I’ve learned I need to make more phone calls and be a better listener and take a lot more deep breaths. I’ve learned I need to listen to more Garth Brooks and I make really good Sangria and I can justify that Sangria is healthy if I add enough fruit. I’ve learned I really like my kids. I’ve learned I will probably never really like Monopoly. I’ve learned you never realize how much you want to live until your own health is in danger. I’ve learned hugs and smiles and human contact cannot be replaced by anything else. I’ve learned parts of my heart may always be damaged and parts of my psyche can get pretty dark. I’ve learned it’s not just the hormones making me crazy. I’m crazy all on my own.

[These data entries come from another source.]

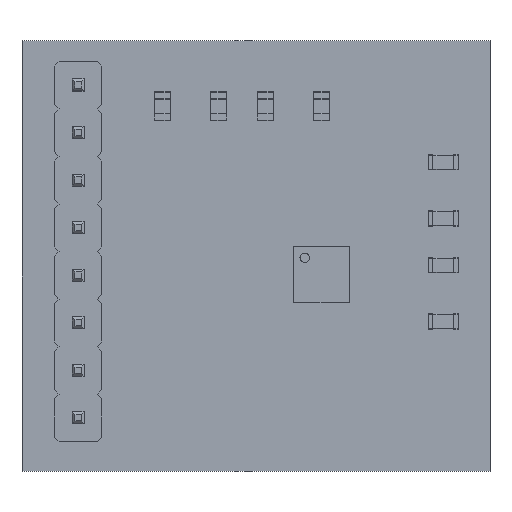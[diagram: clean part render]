
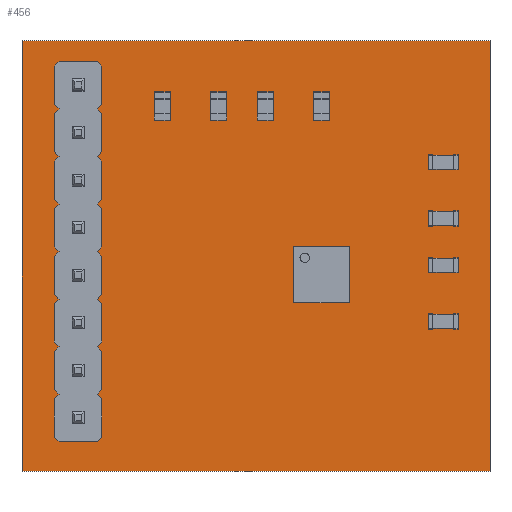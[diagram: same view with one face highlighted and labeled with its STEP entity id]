
A CAD part, top view. The second image highlights one B-rep face of the part: STEP entity #456.
In plain terms, the highlighted planar face has unit normal (0, 0, 1).
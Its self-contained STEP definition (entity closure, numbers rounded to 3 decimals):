
#73 = VERTEX_POINT('',#74);
#74 = CARTESIAN_POINT('',(126.,-98.,0.));
#91 = VERTEX_POINT('',#92);
#92 = CARTESIAN_POINT('',(126.,-75.,0.));
#98 = EDGE_CURVE('',#73,#91,#99,.T.);
#99 = LINE('',#100,#101);
#100 = CARTESIAN_POINT('',(126.,-98.,0.));
#101 = VECTOR('',#102,1.);
#102 = DIRECTION('',(0.,1.,0.));
#113 = VERTEX_POINT('',#114);
#114 = CARTESIAN_POINT('',(151.,-98.,0.));
#129 = EDGE_CURVE('',#113,#73,#130,.T.);
#130 = LINE('',#131,#132);
#131 = CARTESIAN_POINT('',(151.,-98.,0.));
#132 = VECTOR('',#133,1.);
#133 = DIRECTION('',(-1.,0.,0.));
#153 = VERTEX_POINT('',#154);
#154 = CARTESIAN_POINT('',(151.,-75.,0.));
#160 = EDGE_CURVE('',#91,#153,#161,.T.);
#161 = LINE('',#162,#163);
#162 = CARTESIAN_POINT('',(126.,-75.,0.));
#163 = VECTOR('',#164,1.);
#164 = DIRECTION('',(1.,0.,0.));
#182 = EDGE_CURVE('',#153,#113,#183,.T.);
#183 = LINE('',#184,#185);
#184 = CARTESIAN_POINT('',(151.,-75.,0.));
#185 = VECTOR('',#186,1.);
#186 = DIRECTION('',(0.,-1.,0.));
#197 = VERTEX_POINT('',#198);
#198 = CARTESIAN_POINT('',(129.5,-82.46,0.));
#214 = EDGE_CURVE('',#197,#197,#215,.T.);
#215 = CIRCLE('',#216,0.5);
#216 = AXIS2_PLACEMENT_3D('',#217,#218,#219);
#217 = CARTESIAN_POINT('',(129.,-82.46,0.));
#218 = DIRECTION('',(0.,0.,1.));
#219 = DIRECTION('',(1.,0.,0.));
#230 = VERTEX_POINT('',#231);
#231 = CARTESIAN_POINT('',(129.5,-79.92,0.));
#247 = EDGE_CURVE('',#230,#230,#248,.T.);
#248 = CIRCLE('',#249,0.5);
#249 = AXIS2_PLACEMENT_3D('',#250,#251,#252);
#250 = CARTESIAN_POINT('',(129.,-79.92,0.));
#251 = DIRECTION('',(0.,0.,1.));
#252 = DIRECTION('',(1.,0.,0.));
#263 = VERTEX_POINT('',#264);
#264 = CARTESIAN_POINT('',(129.5,-77.38,0.));
#280 = EDGE_CURVE('',#263,#263,#281,.T.);
#281 = CIRCLE('',#282,0.5);
#282 = AXIS2_PLACEMENT_3D('',#283,#284,#285);
#283 = CARTESIAN_POINT('',(129.,-77.38,0.));
#284 = DIRECTION('',(0.,0.,1.));
#285 = DIRECTION('',(1.,0.,0.));
#296 = VERTEX_POINT('',#297);
#297 = CARTESIAN_POINT('',(129.5,-85.,0.));
#313 = EDGE_CURVE('',#296,#296,#314,.T.);
#314 = CIRCLE('',#315,0.5);
#315 = AXIS2_PLACEMENT_3D('',#316,#317,#318);
#316 = CARTESIAN_POINT('',(129.,-85.,0.));
#317 = DIRECTION('',(0.,0.,1.));
#318 = DIRECTION('',(1.,0.,0.));
#329 = VERTEX_POINT('',#330);
#330 = CARTESIAN_POINT('',(129.5,-95.16,0.));
#346 = EDGE_CURVE('',#329,#329,#347,.T.);
#347 = CIRCLE('',#348,0.5);
#348 = AXIS2_PLACEMENT_3D('',#349,#350,#351);
#349 = CARTESIAN_POINT('',(129.,-95.16,0.));
#350 = DIRECTION('',(0.,0.,1.));
#351 = DIRECTION('',(1.,0.,0.));
#362 = VERTEX_POINT('',#363);
#363 = CARTESIAN_POINT('',(129.5,-92.62,0.));
#379 = EDGE_CURVE('',#362,#362,#380,.T.);
#380 = CIRCLE('',#381,0.5);
#381 = AXIS2_PLACEMENT_3D('',#382,#383,#384);
#382 = CARTESIAN_POINT('',(129.,-92.62,0.));
#383 = DIRECTION('',(0.,0.,1.));
#384 = DIRECTION('',(1.,0.,0.));
#395 = VERTEX_POINT('',#396);
#396 = CARTESIAN_POINT('',(129.5,-87.54,0.));
#412 = EDGE_CURVE('',#395,#395,#413,.T.);
#413 = CIRCLE('',#414,0.5);
#414 = AXIS2_PLACEMENT_3D('',#415,#416,#417);
#415 = CARTESIAN_POINT('',(129.,-87.54,0.));
#416 = DIRECTION('',(0.,0.,1.));
#417 = DIRECTION('',(1.,0.,0.));
#428 = VERTEX_POINT('',#429);
#429 = CARTESIAN_POINT('',(129.5,-90.08,0.));
#445 = EDGE_CURVE('',#428,#428,#446,.T.);
#446 = CIRCLE('',#447,0.5);
#447 = AXIS2_PLACEMENT_3D('',#448,#449,#450);
#448 = CARTESIAN_POINT('',(129.,-90.08,0.));
#449 = DIRECTION('',(0.,0.,1.));
#450 = DIRECTION('',(1.,0.,0.));
#456 = ADVANCED_FACE('',(#457,#463,#466,#469,#472,#475,#478,#481,#484),
  #487,.T.);
#457 = FACE_BOUND('',#458,.T.);
#458 = EDGE_LOOP('',(#459,#460,#461,#462));
#459 = ORIENTED_EDGE('',*,*,#98,.F.);
#460 = ORIENTED_EDGE('',*,*,#129,.F.);
#461 = ORIENTED_EDGE('',*,*,#182,.F.);
#462 = ORIENTED_EDGE('',*,*,#160,.F.);
#463 = FACE_BOUND('',#464,.T.);
#464 = EDGE_LOOP('',(#465));
#465 = ORIENTED_EDGE('',*,*,#214,.F.);
#466 = FACE_BOUND('',#467,.T.);
#467 = EDGE_LOOP('',(#468));
#468 = ORIENTED_EDGE('',*,*,#247,.F.);
#469 = FACE_BOUND('',#470,.T.);
#470 = EDGE_LOOP('',(#471));
#471 = ORIENTED_EDGE('',*,*,#280,.F.);
#472 = FACE_BOUND('',#473,.T.);
#473 = EDGE_LOOP('',(#474));
#474 = ORIENTED_EDGE('',*,*,#313,.F.);
#475 = FACE_BOUND('',#476,.T.);
#476 = EDGE_LOOP('',(#477));
#477 = ORIENTED_EDGE('',*,*,#346,.F.);
#478 = FACE_BOUND('',#479,.T.);
#479 = EDGE_LOOP('',(#480));
#480 = ORIENTED_EDGE('',*,*,#379,.F.);
#481 = FACE_BOUND('',#482,.T.);
#482 = EDGE_LOOP('',(#483));
#483 = ORIENTED_EDGE('',*,*,#412,.F.);
#484 = FACE_BOUND('',#485,.T.);
#485 = EDGE_LOOP('',(#486));
#486 = ORIENTED_EDGE('',*,*,#445,.F.);
#487 = PLANE('',#488);
#488 = AXIS2_PLACEMENT_3D('',#489,#490,#491);
#489 = CARTESIAN_POINT('',(126.,-98.,0.));
#490 = DIRECTION('',(0.,0.,1.));
#491 = DIRECTION('',(1.,0.,0.));
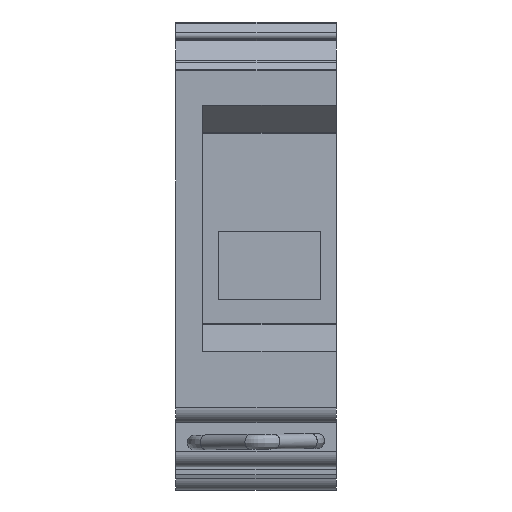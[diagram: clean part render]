
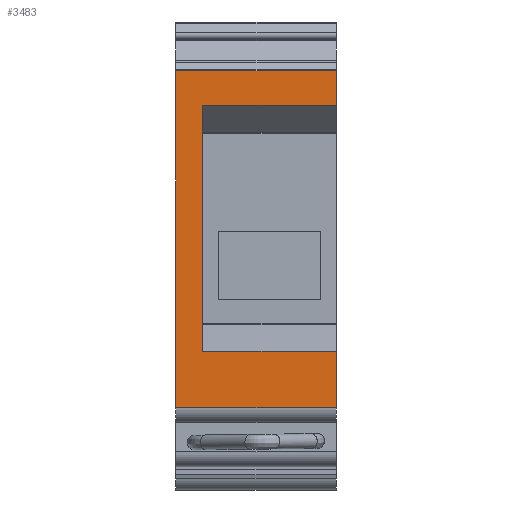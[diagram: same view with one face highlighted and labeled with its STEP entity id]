
A CAD part, left-side view. The second image highlights one B-rep face of the part: STEP entity #3483.
In plain terms, the highlighted planar face has unit normal (-1, 0, 0).
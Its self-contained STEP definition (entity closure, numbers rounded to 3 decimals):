
#590=ORIENTED_EDGE('',*,*,#1041,.T.);
#591=ORIENTED_EDGE('',*,*,#1153,.F.);
#592=ORIENTED_EDGE('',*,*,#1154,.F.);
#593=ORIENTED_EDGE('',*,*,#1093,.T.);
#594=ORIENTED_EDGE('',*,*,#1035,.T.);
#595=ORIENTED_EDGE('',*,*,#1155,.F.);
#596=ORIENTED_EDGE('',*,*,#1156,.F.);
#597=ORIENTED_EDGE('',*,*,#1157,.T.);
#1035=EDGE_CURVE('',#1364,#1363,#1590,.T.);
#1041=EDGE_CURVE('',#1369,#1368,#1594,.T.);
#1093=EDGE_CURVE('',#1417,#1364,#1628,.T.);
#1153=EDGE_CURVE('',#1454,#1368,#1673,.T.);
#1154=EDGE_CURVE('',#1417,#1454,#1674,.T.);
#1155=EDGE_CURVE('',#1455,#1363,#1675,.T.);
#1156=EDGE_CURVE('',#1456,#1455,#1676,.T.);
#1157=EDGE_CURVE('',#1456,#1369,#1677,.T.);
#1363=VERTEX_POINT('',#6044);
#1364=VERTEX_POINT('',#6046);
#1368=VERTEX_POINT('',#6055);
#1369=VERTEX_POINT('',#6057);
#1417=VERTEX_POINT('',#6159);
#1454=VERTEX_POINT('',#6278);
#1455=VERTEX_POINT('',#6281);
#1456=VERTEX_POINT('',#6283);
#1590=LINE('',#6045,#1840);
#1594=LINE('',#6056,#1844);
#1628=LINE('',#6158,#1878);
#1673=LINE('',#6277,#1923);
#1674=LINE('',#6279,#1924);
#1675=LINE('',#6280,#1925);
#1676=LINE('',#6282,#1926);
#1677=LINE('',#6284,#1927);
#1840=VECTOR('',#4035,1000.);
#1844=VECTOR('',#4043,1000.);
#1878=VECTOR('',#4117,1000.);
#1923=VECTOR('',#4236,1000.);
#1924=VECTOR('',#4237,1000.);
#1925=VECTOR('',#4238,1000.);
#1926=VECTOR('',#4239,1000.);
#1927=VECTOR('',#4240,1000.);
#2107=EDGE_LOOP('',(#590,#591,#592,#593,#594,#595,#596,#597));
#2285=FACE_BOUND('',#2107,.T.);
#2402=PLANE('',#3693);
#3483=ADVANCED_FACE('',(#2285),#2402,.F.);
#3693=AXIS2_PLACEMENT_3D('',#6276,#4234,#4235);
#4035=DIRECTION('',(0.,0.,1.));
#4043=DIRECTION('',(0.,0.,1.));
#4117=DIRECTION('',(0.,-1.,0.));
#4234=DIRECTION('',(1.,0.,0.));
#4235=DIRECTION('',(0.,0.,-1.));
#4236=DIRECTION('',(0.,-1.,0.));
#4237=DIRECTION('',(0.,0.,-1.));
#4238=DIRECTION('',(0.,-1.,0.));
#4239=DIRECTION('',(0.,0.,1.));
#4240=DIRECTION('',(0.,-1.,0.));
#6044=CARTESIAN_POINT('',(-38.15,0.,30.706));
#6045=CARTESIAN_POINT('',(-38.15,0.,-25.956));
#6046=CARTESIAN_POINT('',(-38.15,0.,24.894));
#6055=CARTESIAN_POINT('',(-38.15,0.,-16.501));
#6056=CARTESIAN_POINT('',(-38.15,0.,-25.956));
#6057=CARTESIAN_POINT('',(-38.15,0.,-25.956));
#6158=CARTESIAN_POINT('',(-38.15,27.,24.894));
#6159=CARTESIAN_POINT('',(-38.15,22.45,24.894));
#6276=CARTESIAN_POINT('',(-38.15,27.,-25.956));
#6277=CARTESIAN_POINT('',(-38.15,22.45,-16.501));
#6278=CARTESIAN_POINT('',(-38.15,22.45,-16.501));
#6279=CARTESIAN_POINT('',(-38.15,22.45,-16.501));
#6280=CARTESIAN_POINT('',(-38.15,27.,30.706));
#6281=CARTESIAN_POINT('',(-38.15,27.,30.706));
#6282=CARTESIAN_POINT('',(-38.15,27.,-25.956));
#6283=CARTESIAN_POINT('',(-38.15,27.,-25.956));
#6284=CARTESIAN_POINT('',(-38.15,27.,-25.956));
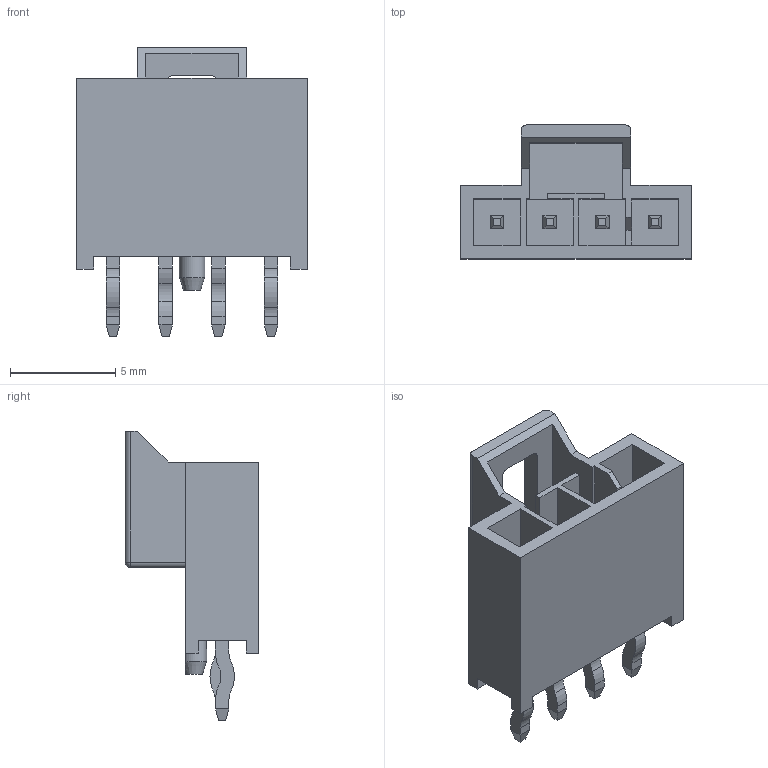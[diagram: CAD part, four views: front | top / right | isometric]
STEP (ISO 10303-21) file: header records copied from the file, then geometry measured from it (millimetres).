
FILE_DESCRIPTION( ( 'STEP AP214' ), '1' );
FILE_NAME( 'psolqas0739291086.stp', '2019-02-18T06:39:29', ( '' ), ( '' ), ' ', 'PARTsolutions', ' ' );
FILE_SCHEMA( ( 'AUTOMOTIVE_DESIGN { 1 0 10303 214 1 1 1 1 }' ) );
Length unit declared in the file: metre
Products named in the file (1): 1
Bounding box: 10.94 x 6.34 x 13.71 mm (x, y, z)
Volume: 241 mm3; surface area: 733.2 mm2
Topology: 1 solids, 1 shells, 174 faces, 454 edges, 289 vertices
Faces by surface type: plane 138, cylinder 33, sphere 2, cone 1
Entity records: 5285 total; most frequent: CARTESIAN_POINT 944, ORIENTED_EDGE 910, DIRECTION 870, EDGE_CURVE 455, LINE 386, VECTOR 386, VERTEX_POINT 290, AXIS2_PLACEMENT_3D 242

Most importantly I learned I am broken. Cracked. Warped. Fragmented. A giant functioning hot mess. Nothing like what I expected or planned. Nothing like what I thought I was supposed to be. And I’m done trying to fix that. I don’t care anymore. That’s what I learned. Broken doesn’t always need fixed. The cracks let the light in. The warped spaces give way for new ideas and new ways of thinking. The fragments were baggage and weight that were holding me in place and I learned I don’t want to stand still. I want a little messy and a little wild. I like unpredictable. To hell with supposed to be. I want to laugh at inappropriate jokes and dance to the beat of the music in my head. I want to be loud and passionate and strong-willed. I want big ideas and crazy risks. I want lofty goals and really big freaking dreams. I want to wake up with a kick some ass and get things done kind of vibe. I like this broken me better than I ever liked the whole. I’m broken and I am so okay with it.
You crazy lady!!! I’m so proud to be your co-worker and friend. Cheers to the journey… embracing the good with the bad and moving it forward.